*** Records Section Begins ***

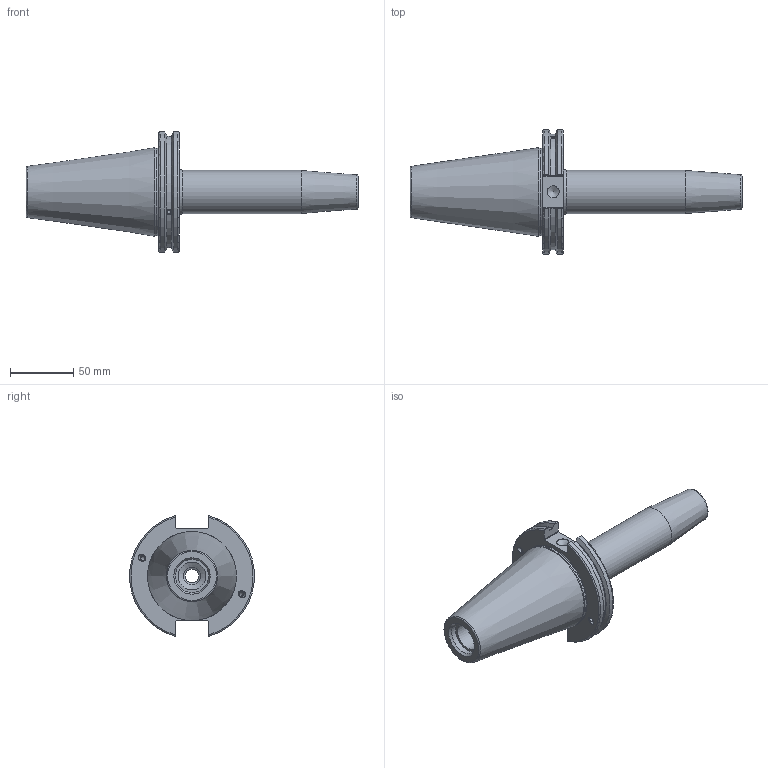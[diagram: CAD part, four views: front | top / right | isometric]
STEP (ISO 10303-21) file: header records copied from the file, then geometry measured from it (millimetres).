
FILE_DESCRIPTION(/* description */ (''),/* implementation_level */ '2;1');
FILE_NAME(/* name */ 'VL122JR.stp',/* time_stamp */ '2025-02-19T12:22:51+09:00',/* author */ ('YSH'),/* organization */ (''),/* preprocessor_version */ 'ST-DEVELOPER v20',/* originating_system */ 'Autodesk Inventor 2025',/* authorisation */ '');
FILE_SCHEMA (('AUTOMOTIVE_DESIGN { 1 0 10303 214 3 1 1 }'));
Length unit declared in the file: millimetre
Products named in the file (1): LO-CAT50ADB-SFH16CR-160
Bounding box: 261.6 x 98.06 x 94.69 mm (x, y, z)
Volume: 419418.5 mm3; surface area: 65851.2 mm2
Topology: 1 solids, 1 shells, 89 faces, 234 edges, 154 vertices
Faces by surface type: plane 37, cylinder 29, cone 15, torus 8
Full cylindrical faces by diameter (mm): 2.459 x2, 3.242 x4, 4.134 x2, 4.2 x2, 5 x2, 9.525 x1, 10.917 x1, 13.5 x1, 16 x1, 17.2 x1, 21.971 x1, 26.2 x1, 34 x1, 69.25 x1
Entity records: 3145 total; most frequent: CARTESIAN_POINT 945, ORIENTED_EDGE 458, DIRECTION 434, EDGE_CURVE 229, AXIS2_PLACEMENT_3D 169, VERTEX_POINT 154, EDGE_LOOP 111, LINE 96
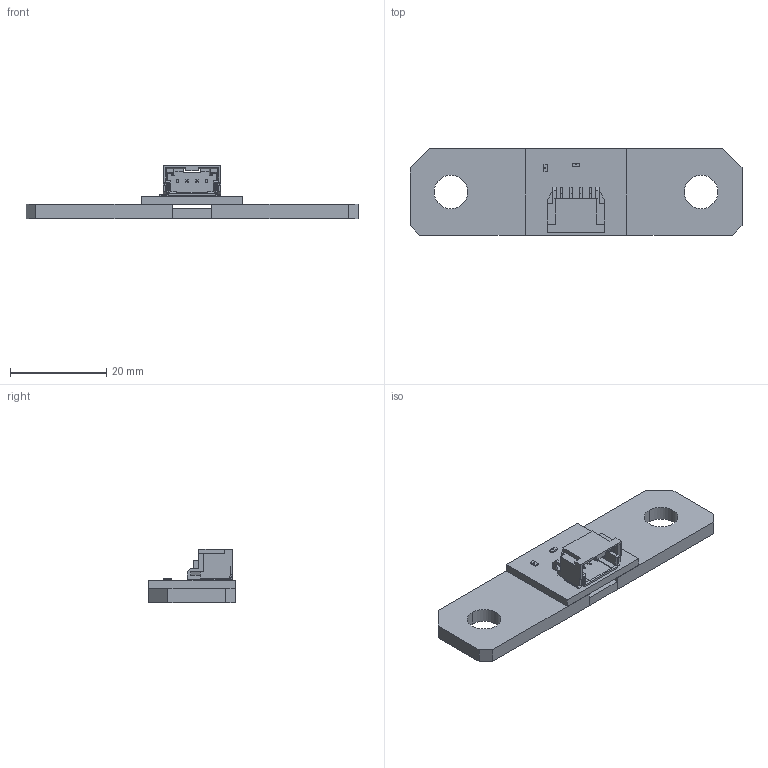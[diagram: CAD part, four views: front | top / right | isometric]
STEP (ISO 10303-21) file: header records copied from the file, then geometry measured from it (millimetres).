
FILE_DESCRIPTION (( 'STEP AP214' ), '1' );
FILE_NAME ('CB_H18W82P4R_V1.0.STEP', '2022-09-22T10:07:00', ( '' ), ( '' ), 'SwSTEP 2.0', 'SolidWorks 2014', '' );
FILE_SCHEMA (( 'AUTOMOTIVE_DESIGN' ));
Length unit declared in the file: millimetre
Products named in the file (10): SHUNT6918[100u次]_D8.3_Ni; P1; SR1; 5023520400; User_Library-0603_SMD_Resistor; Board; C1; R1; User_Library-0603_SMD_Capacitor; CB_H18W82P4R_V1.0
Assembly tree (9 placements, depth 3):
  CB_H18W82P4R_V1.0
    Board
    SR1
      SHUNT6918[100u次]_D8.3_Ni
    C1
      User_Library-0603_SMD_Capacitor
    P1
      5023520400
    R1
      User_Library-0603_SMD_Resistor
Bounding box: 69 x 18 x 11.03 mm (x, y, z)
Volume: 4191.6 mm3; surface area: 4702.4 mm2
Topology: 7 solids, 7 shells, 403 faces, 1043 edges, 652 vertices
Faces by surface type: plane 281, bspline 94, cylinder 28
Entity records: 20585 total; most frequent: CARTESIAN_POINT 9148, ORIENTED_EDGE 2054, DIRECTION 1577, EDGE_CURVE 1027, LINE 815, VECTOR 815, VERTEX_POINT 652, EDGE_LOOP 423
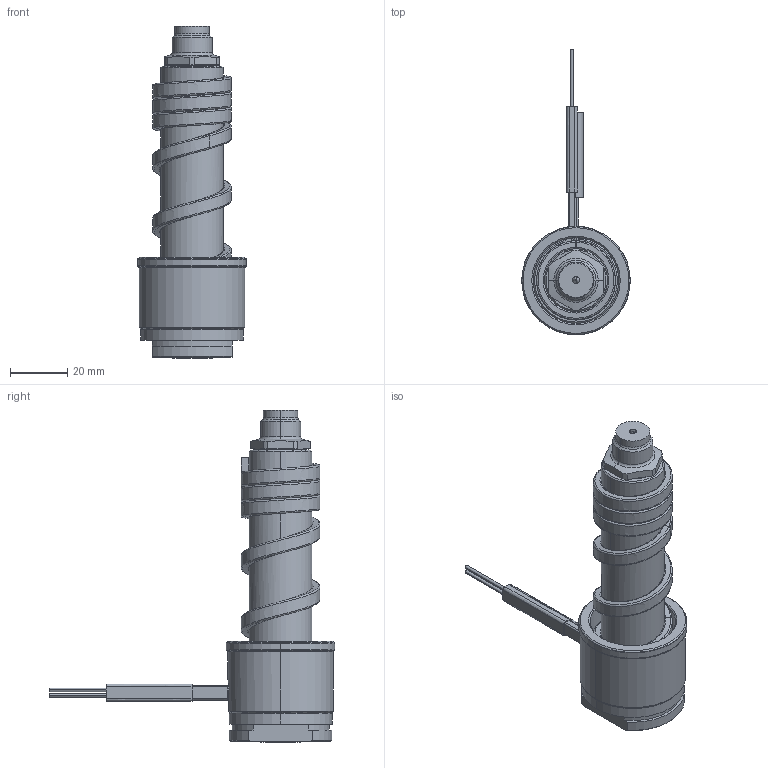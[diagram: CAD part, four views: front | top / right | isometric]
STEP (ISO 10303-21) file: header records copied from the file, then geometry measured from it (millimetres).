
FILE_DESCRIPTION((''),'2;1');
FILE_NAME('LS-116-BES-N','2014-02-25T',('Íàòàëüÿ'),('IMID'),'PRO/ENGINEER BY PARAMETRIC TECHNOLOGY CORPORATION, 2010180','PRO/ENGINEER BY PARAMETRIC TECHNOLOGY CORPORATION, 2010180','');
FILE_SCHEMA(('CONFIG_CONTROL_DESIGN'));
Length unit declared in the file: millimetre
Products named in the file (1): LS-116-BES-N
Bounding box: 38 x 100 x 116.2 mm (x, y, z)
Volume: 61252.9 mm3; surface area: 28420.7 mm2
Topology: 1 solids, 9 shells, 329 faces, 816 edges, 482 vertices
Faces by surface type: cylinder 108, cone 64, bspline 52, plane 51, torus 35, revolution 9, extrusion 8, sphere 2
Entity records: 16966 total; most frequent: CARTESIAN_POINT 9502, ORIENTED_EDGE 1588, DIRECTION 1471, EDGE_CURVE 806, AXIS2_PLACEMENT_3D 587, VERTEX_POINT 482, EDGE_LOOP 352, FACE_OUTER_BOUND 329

*** Records Section Ends ***

### What this task involves
Print verbatim every line above, apart from the pictures.

### Answer section
[diagram: CAD part, four views: front | top / right | isometric]
STEP (ISO 10303-21) file: header records copied from the file, then geometry measured from it (millimetres).
FILE_DESCRIPTION(/* description */ (''),/* implementation_level */ '2;1');
FILE_NAME(/* name */ 'VL122JR.stp',/* time_stamp */ '2025-02-19T12:22:51+09:00',/* author */ ('YSH'),/* organization */ (''),/* preprocessor_version */ 'ST-DEVELOPER v20',/* originating_system */ 'Autodesk Inventor 2025',/* authorisation */ '');
FILE_SCHEMA (('AUTOMOTIVE_DESIGN { 1 0 10303 214 3 1 1 }'));
Length unit declared in the file: millimetre
Products named in the file (1): LO-CAT50ADB-SFH16CR-160
Bounding box: 261.6 x 98.06 x 94.69 mm (x, y, z)
Volume: 419418.5 mm3; surface area: 65851.2 mm2
Topology: 1 solids, 1 shells, 89 faces, 234 edges, 154 vertices
Faces by surface type: plane 37, cylinder 29, cone 15, torus 8
Full cylindrical faces by diameter (mm): 2.459 x2, 3.242 x4, 4.134 x2, 4.2 x2, 5 x2, 9.525 x1, 10.917 x1, 13.5 x1, 16 x1, 17.2 x1, 21.971 x1, 26.2 x1, 34 x1, 69.25 x1
Entity records: 3145 total; most frequent: CARTESIAN_POINT 945, ORIENTED_EDGE 458, DIRECTION 434, EDGE_CURVE 229, AXIS2_PLACEMENT_3D 169, VERTEX_POINT 154, EDGE_LOOP 111, LINE 96
[diagram: CAD part, four views: front | top / right | isometric]
STEP (ISO 10303-21) file: header records copied from the file, then geometry measured from it (millimetres).
FILE_DESCRIPTION (( 'STEP AP214' ), '1' );
FILE_NAME ('CB_H18W82P4R_V1.0.STEP', '2022-09-22T10:07:00', ( '' ), ( '' ), 'SwSTEP 2.0', 'SolidWorks 2014', '' );
FILE_SCHEMA (( 'AUTOMOTIVE_DESIGN' ));
Length unit declared in the file: millimetre
Products named in the file (10): SHUNT6918[100u次]_D8.3_Ni; P1; SR1; 5023520400; User_Library-0603_SMD_Resistor; Board; C1; R1; User_Library-0603_SMD_Capacitor; CB_H18W82P4R_V1.0
Assembly tree (9 placements, depth 3):
  CB_H18W82P4R_V1.0
    Board
    SR1
      SHUNT6918[100u次]_D8.3_Ni
    C1
      User_Library-0603_SMD_Capacitor
    P1
      5023520400
    R1
      User_Library-0603_SMD_Resistor
Bounding box: 69 x 18 x 11.03 mm (x, y, z)
Volume: 4191.6 mm3; surface area: 4702.4 mm2
Topology: 7 solids, 7 shells, 403 faces, 1043 edges, 652 vertices
Faces by surface type: plane 281, bspline 94, cylinder 28
Entity records: 20585 total; most frequent: CARTESIAN_POINT 9148, ORIENTED_EDGE 2054, DIRECTION 1577, EDGE_CURVE 1027, LINE 815, VECTOR 815, VERTEX_POINT 652, EDGE_LOOP 423
[diagram: CAD part, four views: front | top / right | isometric]
STEP (ISO 10303-21) file: header records copied from the file, then geometry measured from it (millimetres).
FILE_DESCRIPTION((''),'2;1');
FILE_NAME('LS-116-BES-N','2014-02-25T',('Íàòàëüÿ'),('IMID'),'PRO/ENGINEER BY PARAMETRIC TECHNOLOGY CORPORATION, 2010180','PRO/ENGINEER BY PARAMETRIC TECHNOLOGY CORPORATION, 2010180','');
FILE_SCHEMA(('CONFIG_CONTROL_DESIGN'));
Length unit declared in the file: millimetre
Products named in the file (1): LS-116-BES-N
Bounding box: 38 x 100 x 116.2 mm (x, y, z)
Volume: 61252.9 mm3; surface area: 28420.7 mm2
Topology: 1 solids, 9 shells, 329 faces, 816 edges, 482 vertices
Faces by surface type: cylinder 108, cone 64, bspline 52, plane 51, torus 35, revolution 9, extrusion 8, sphere 2
Entity records: 16966 total; most frequent: CARTESIAN_POINT 9502, ORIENTED_EDGE 1588, DIRECTION 1471, EDGE_CURVE 806, AXIS2_PLACEMENT_3D 587, VERTEX_POINT 482, EDGE_LOOP 352, FACE_OUTER_BOUND 329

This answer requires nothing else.